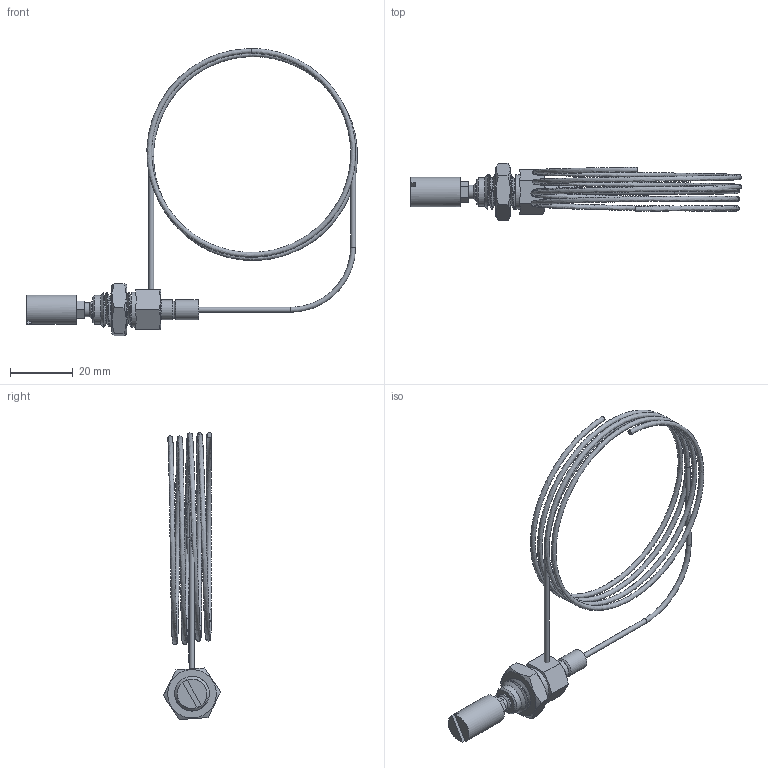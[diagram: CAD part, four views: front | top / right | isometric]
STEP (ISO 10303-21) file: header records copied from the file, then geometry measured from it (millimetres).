
FILE_DESCRIPTION((''),'2;1');
FILE_NAME('312374-BNV1 Micrometering valve.stp','2013-08-26T12:30:39',('Franzp'),(''),'Autodesk Inventor 2013','Autodesk Inventor 2013','');
FILE_SCHEMA(('AUTOMOTIVE_DESIGN { 1 0 10303 214 1 1 1 1 }'));
Length unit declared in the file: millimetre
Products named in the file (3): a322374; 322374; 310536
Assembly tree (2 placements, depth 2):
  a322374
    322374
    310536
Bounding box: 105.63 x 18.28 x 91.67 mm (x, y, z)
Volume: 646.4 mm3; surface area: 8653.4 mm2
Topology: 1 solids, 9 shells, 80 faces, 194 edges, 125 vertices
Faces by surface type: plane 37, cone 19, cylinder 19, bspline 4, torus 1
Full cylindrical faces by diameter (mm): 1.575 x3, 4.42 x1, 5.486 x1, 6.35 x2, 8.517 x2, 9.144 x1, 9.398 x1, 9.728 x1, 11.113 x1
Entity records: 3935 total; most frequent: CARTESIAN_POINT 2090, DIRECTION 346, ORIENTED_EDGE 296, EDGE_CURVE 160, AXIS2_PLACEMENT_3D 151, VERTEX_POINT 118, EDGE_LOOP 118, FACE_OUTER_BOUND 80
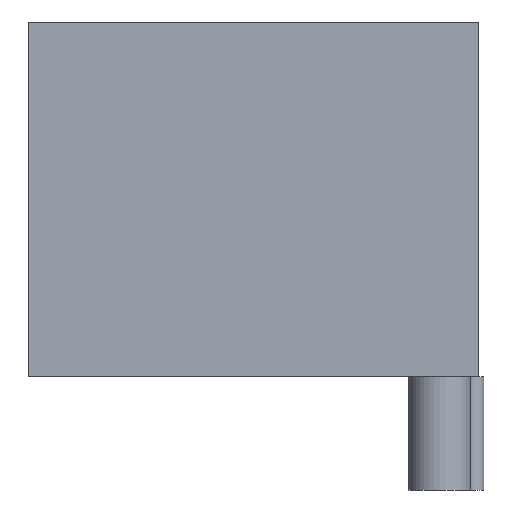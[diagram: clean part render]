
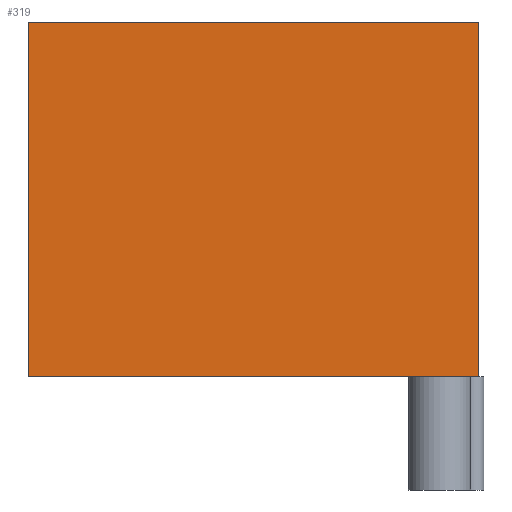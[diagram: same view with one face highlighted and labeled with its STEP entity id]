
A CAD part, left-side view. The second image highlights one B-rep face of the part: STEP entity #319.
In plain terms, the highlighted planar face has unit normal (-1, 0, 0).
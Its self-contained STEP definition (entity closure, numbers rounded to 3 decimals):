
#56 = EDGE_CURVE('',#57,#59,#61,.T.);
#57 = VERTEX_POINT('',#58);
#58 = CARTESIAN_POINT('',(-5.325,20.,0.));
#59 = VERTEX_POINT('',#60);
#60 = CARTESIAN_POINT('',(-5.325,20.,16.));
#61 = SURFACE_CURVE('',#62,(#66,#78),.PCURVE_S1.);
#62 = LINE('',#63,#64);
#63 = CARTESIAN_POINT('',(-5.325,20.,0.));
#64 = VECTOR('',#65,1.);
#65 = DIRECTION('',(0.,0.,1.));
#66 = PCURVE('',#67,#72);
#67 = PLANE('',#68);
#68 = AXIS2_PLACEMENT_3D('',#69,#70,#71);
#69 = CARTESIAN_POINT('',(-5.325,20.,0.));
#70 = DIRECTION('',(0.,1.,0.));
#71 = DIRECTION('',(1.,0.,0.));
#72 = DEFINITIONAL_REPRESENTATION('',(#73),#77);
#73 = LINE('',#74,#75);
#74 = CARTESIAN_POINT('',(0.,0.));
#75 = VECTOR('',#76,1.);
#76 = DIRECTION('',(0.,-1.));
#77 = ( GEOMETRIC_REPRESENTATION_CONTEXT(2) 
PARAMETRIC_REPRESENTATION_CONTEXT() REPRESENTATION_CONTEXT('2D SPACE',''
  ) );
#78 = PCURVE('',#79,#84);
#79 = PLANE('',#80);
#80 = AXIS2_PLACEMENT_3D('',#81,#82,#83);
#81 = CARTESIAN_POINT('',(-5.325,-0.3,0.));
#82 = DIRECTION('',(-1.,0.,0.));
#83 = DIRECTION('',(0.,1.,0.));
#84 = DEFINITIONAL_REPRESENTATION('',(#85),#89);
#85 = LINE('',#86,#87);
#86 = CARTESIAN_POINT('',(20.3,0.));
#87 = VECTOR('',#88,1.);
#88 = DIRECTION('',(0.,-1.));
#89 = ( GEOMETRIC_REPRESENTATION_CONTEXT(2) 
PARAMETRIC_REPRESENTATION_CONTEXT() REPRESENTATION_CONTEXT('2D SPACE',''
  ) );
#107 = PLANE('',#108);
#108 = AXIS2_PLACEMENT_3D('',#109,#110,#111);
#109 = CARTESIAN_POINT('',(1.075,9.85,16.));
#110 = DIRECTION('',(-0.,-0.,-1.));
#111 = DIRECTION('',(-1.,0.,0.));
#161 = PLANE('',#162);
#162 = AXIS2_PLACEMENT_3D('',#163,#164,#165);
#163 = CARTESIAN_POINT('',(1.075,9.85,0.));
#164 = DIRECTION('',(-0.,-0.,-1.));
#165 = DIRECTION('',(-1.,0.,0.));
#216 = PLANE('',#217);
#217 = AXIS2_PLACEMENT_3D('',#218,#219,#220);
#218 = CARTESIAN_POINT('',(7.475,-0.3,0.));
#219 = DIRECTION('',(0.,-1.,0.));
#220 = DIRECTION('',(-1.,0.,0.));
#254 = VERTEX_POINT('',#255);
#255 = CARTESIAN_POINT('',(-5.325,-0.3,16.));
#276 = EDGE_CURVE('',#277,#254,#279,.T.);
#277 = VERTEX_POINT('',#278);
#278 = CARTESIAN_POINT('',(-5.325,-0.3,0.));
#279 = SURFACE_CURVE('',#280,(#284,#291),.PCURVE_S1.);
#280 = LINE('',#281,#282);
#281 = CARTESIAN_POINT('',(-5.325,-0.3,0.));
#282 = VECTOR('',#283,1.);
#283 = DIRECTION('',(0.,0.,1.));
#284 = PCURVE('',#216,#285);
#285 = DEFINITIONAL_REPRESENTATION('',(#286),#290);
#286 = LINE('',#287,#288);
#287 = CARTESIAN_POINT('',(12.8,0.));
#288 = VECTOR('',#289,1.);
#289 = DIRECTION('',(0.,-1.));
#290 = ( GEOMETRIC_REPRESENTATION_CONTEXT(2) 
PARAMETRIC_REPRESENTATION_CONTEXT() REPRESENTATION_CONTEXT('2D SPACE',''
  ) );
#291 = PCURVE('',#79,#292);
#292 = DEFINITIONAL_REPRESENTATION('',(#293),#297);
#293 = LINE('',#294,#295);
#294 = CARTESIAN_POINT('',(0.,0.));
#295 = VECTOR('',#296,1.);
#296 = DIRECTION('',(0.,-1.));
#297 = ( GEOMETRIC_REPRESENTATION_CONTEXT(2) 
PARAMETRIC_REPRESENTATION_CONTEXT() REPRESENTATION_CONTEXT('2D SPACE',''
  ) );
#319 = ADVANCED_FACE('',(#320),#79,.T.);
#320 = FACE_BOUND('',#321,.T.);
#321 = EDGE_LOOP('',(#322,#323,#344,#345));
#322 = ORIENTED_EDGE('',*,*,#276,.T.);
#323 = ORIENTED_EDGE('',*,*,#324,.T.);
#324 = EDGE_CURVE('',#254,#59,#325,.T.);
#325 = SURFACE_CURVE('',#326,(#330,#337),.PCURVE_S1.);
#326 = LINE('',#327,#328);
#327 = CARTESIAN_POINT('',(-5.325,-0.3,16.));
#328 = VECTOR('',#329,1.);
#329 = DIRECTION('',(0.,1.,0.));
#330 = PCURVE('',#79,#331);
#331 = DEFINITIONAL_REPRESENTATION('',(#332),#336);
#332 = LINE('',#333,#334);
#333 = CARTESIAN_POINT('',(0.,-16.));
#334 = VECTOR('',#335,1.);
#335 = DIRECTION('',(1.,0.));
#336 = ( GEOMETRIC_REPRESENTATION_CONTEXT(2) 
PARAMETRIC_REPRESENTATION_CONTEXT() REPRESENTATION_CONTEXT('2D SPACE',''
  ) );
#337 = PCURVE('',#107,#338);
#338 = DEFINITIONAL_REPRESENTATION('',(#339),#343);
#339 = LINE('',#340,#341);
#340 = CARTESIAN_POINT('',(6.4,-10.15));
#341 = VECTOR('',#342,1.);
#342 = DIRECTION('',(0.,1.));
#343 = ( GEOMETRIC_REPRESENTATION_CONTEXT(2) 
PARAMETRIC_REPRESENTATION_CONTEXT() REPRESENTATION_CONTEXT('2D SPACE',''
  ) );
#344 = ORIENTED_EDGE('',*,*,#56,.F.);
#345 = ORIENTED_EDGE('',*,*,#346,.F.);
#346 = EDGE_CURVE('',#277,#57,#347,.T.);
#347 = SURFACE_CURVE('',#348,(#352,#359),.PCURVE_S1.);
#348 = LINE('',#349,#350);
#349 = CARTESIAN_POINT('',(-5.325,-0.3,0.));
#350 = VECTOR('',#351,1.);
#351 = DIRECTION('',(0.,1.,0.));
#352 = PCURVE('',#79,#353);
#353 = DEFINITIONAL_REPRESENTATION('',(#354),#358);
#354 = LINE('',#355,#356);
#355 = CARTESIAN_POINT('',(0.,0.));
#356 = VECTOR('',#357,1.);
#357 = DIRECTION('',(1.,0.));
#358 = ( GEOMETRIC_REPRESENTATION_CONTEXT(2) 
PARAMETRIC_REPRESENTATION_CONTEXT() REPRESENTATION_CONTEXT('2D SPACE',''
  ) );
#359 = PCURVE('',#161,#360);
#360 = DEFINITIONAL_REPRESENTATION('',(#361),#365);
#361 = LINE('',#362,#363);
#362 = CARTESIAN_POINT('',(6.4,-10.15));
#363 = VECTOR('',#364,1.);
#364 = DIRECTION('',(0.,1.));
#365 = ( GEOMETRIC_REPRESENTATION_CONTEXT(2) 
PARAMETRIC_REPRESENTATION_CONTEXT() REPRESENTATION_CONTEXT('2D SPACE',''
  ) );

• • • • •

About this exercise:
Could you reproduce, exactly, every line above from the line with "#66 = PCURVE('',#67,#72);" to the line with "#109 = CARTESIAN_POINT('',(1.075,9.85,16.));", and no other line? Both ends count.

Reply:
#66 = PCURVE('',#67,#72);
#67 = PLANE('',#68);
#68 = AXIS2_PLACEMENT_3D('',#69,#70,#71);
#69 = CARTESIAN_POINT('',(-5.325,20.,0.));
#70 = DIRECTION('',(0.,1.,0.));
#71 = DIRECTION('',(1.,0.,0.));
#72 = DEFINITIONAL_REPRESENTATION('',(#73),#77);
#73 = LINE('',#74,#75);
#74 = CARTESIAN_POINT('',(0.,0.));
#75 = VECTOR('',#76,1.);
#76 = DIRECTION('',(0.,-1.));
#77 = ( GEOMETRIC_REPRESENTATION_CONTEXT(2) 
PARAMETRIC_REPRESENTATION_CONTEXT() REPRESENTATION_CONTEXT('2D SPACE',''
  ) );
#78 = PCURVE('',#79,#84);
#79 = PLANE('',#80);
#80 = AXIS2_PLACEMENT_3D('',#81,#82,#83);
#81 = CARTESIAN_POINT('',(-5.325,-0.3,0.));
#82 = DIRECTION('',(-1.,0.,0.));
#83 = DIRECTION('',(0.,1.,0.));
#84 = DEFINITIONAL_REPRESENTATION('',(#85),#89);
#85 = LINE('',#86,#87);
#86 = CARTESIAN_POINT('',(20.3,0.));
#87 = VECTOR('',#88,1.);
#88 = DIRECTION('',(0.,-1.));
#89 = ( GEOMETRIC_REPRESENTATION_CONTEXT(2) 
PARAMETRIC_REPRESENTATION_CONTEXT() REPRESENTATION_CONTEXT('2D SPACE',''
  ) );
#107 = PLANE('',#108);
#108 = AXIS2_PLACEMENT_3D('',#109,#110,#111);
#109 = CARTESIAN_POINT('',(1.075,9.85,16.));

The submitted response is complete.